志村けんの人工肺・ECUMO(エクモ)とは?「切り札」使用も急逝にファン絶句

タレントの志村けん(本名:志村康徳=しむら・やすのり)さんが29日の午後11時10分、新型コロナウイルスによる肺炎により急逝され、芸能界の関係者・著名人らにとって大きな衝撃となりました。

ネットでは「人工肺と聞いていたので覚悟はしていたが・・辛い」などと早すぎる死を受け止めきれない声が相次いでいます。

一度感染症専門の病院に転院し「見守り状態」だった志村さんの当時の治療状況とはどのようなものだったのでしょうか。

志村けんの人工肺・ECUMO(エクモ)とは?

報道によると、志村さんは24日午後、都内港区に搬送された入院先から、「このままでは体力が持たない(芸能関係者情報)」として新宿区にある感染症専門の医療機関へ転院。

この時点で肺の損傷が「最重症」であり、人口呼吸器の使用も肺に負担がかかる状態でした。

そこで転院先の医療機関で人工心肺装置 『ECMO=エクモ』を装着したと言います。

「・・(志村さんが)新宿区の病院に転院したのも、人工呼吸器の出力をマックスにすると、肺に大きな負担がかかり、志村さんの体力が“持たない”と判断されたため。・・」(ワイドショー関係者)出典:FRIDAY

ECMO(エクモ)とは

ECMO(エクモ)とは、Extracorporeal membrane oxygenation(ECMO)、人工肺の装置を指します。

エクモの実用例(ここでは太ももー太ももで繋がれています)出典:TERUMO

装置を通じて肺の機能を代替する装置で、処置方法としては太物の付け根から静脈の血液を取り、装置内を循環させた後首の付け根の血管に血液を戻すというもの。

ECMO(エクモ)の最大の役割は肺を休ませ、肺の自力回復まで身体を維持させること

コロナウイルスによる新型肺炎の重症患者の肺は細胞が破壊され硬くなってしまうため、機能を回復できるように一時的に肺の負担を無くし、休ませるのです。

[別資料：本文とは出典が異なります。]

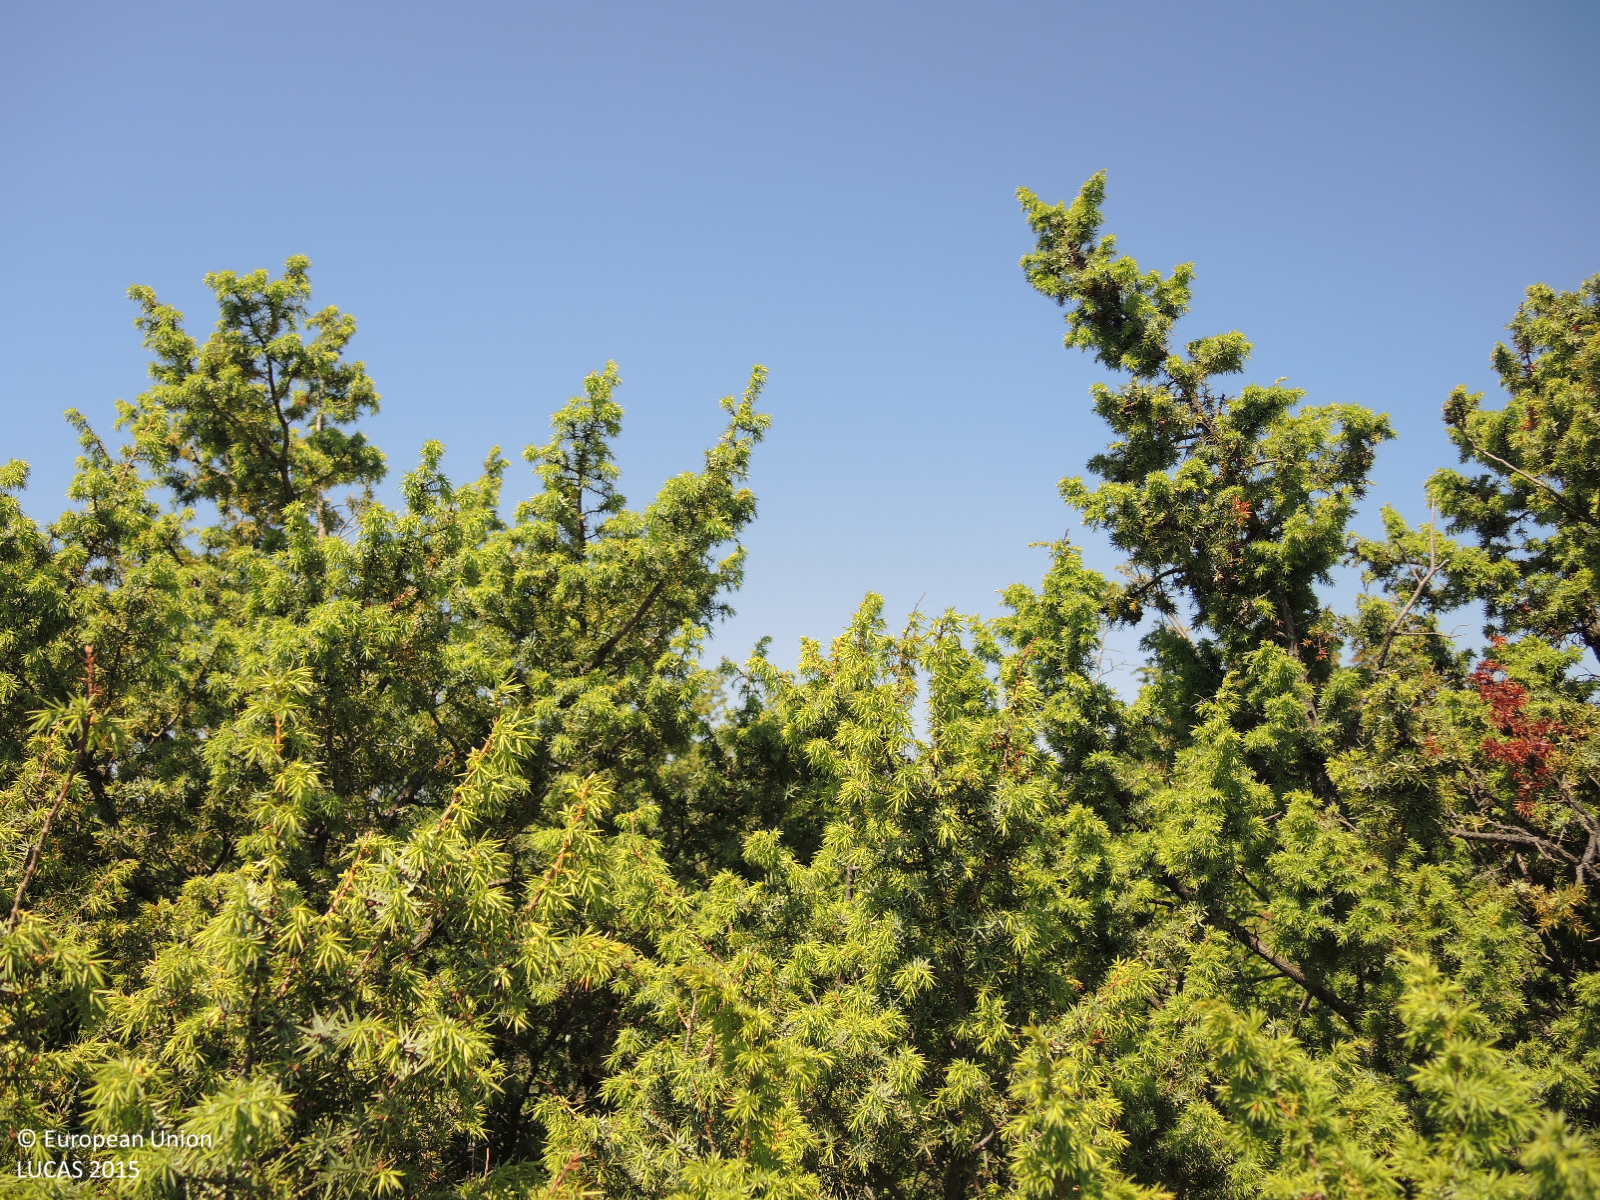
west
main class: Shrubland
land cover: Shrubland without tree cover
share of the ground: > 75 %
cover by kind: shrubs 90 %, unconsolidated bare surface 10 %
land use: Semi-natural and natural areas not in use
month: May
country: HR
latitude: 44.0301
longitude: 15.7190

ECMO(エクモ)はいわば、肺の自力回復を待つための時間稼ぎの装置。

ECMO(エクモ)には患者・医者の両者に負担

一方で、利用には患者にとっても医療従事者にとっても大きな負担となり、利用は容易ではありません。

・身体への負担が大きい。

75歳以上や持病がある人には特に負担が大きく、通常は使わない出典:読売新聞

・回復まで使用が長期化する傾向にある分、医療費が高額になる恐れ。

・医療従事者への負担も大きい。患者1人に対し12~13人の医療従事者の対応が必要。その内、医師だけでも救急救命医やICU担当医・呼吸器系内科医もしくは循環器担当医の4名〜5名が必要。

また日本医科大学付属病院外科系集中治療科の竹田晋浩氏らが2014年に共著した日本呼吸器学会誌第3巻第6号では上記のようなリスクを以下のように述べています。

ーしかし実際にはその(ECUMOの)導入を決めることは容易なことではない。なぜなら、ECMOは多大な費用を消耗し,多くのスタッフの労力を必要とするからである出典:日本呼吸器学会誌第3巻第6号(2014)

こうした背景もあり、NHKなどの報道では「最重症患者にのみ使用」する「最後の砦」と言われています。

ネットでは志村さんの身を案じる声が当初から上がっていました。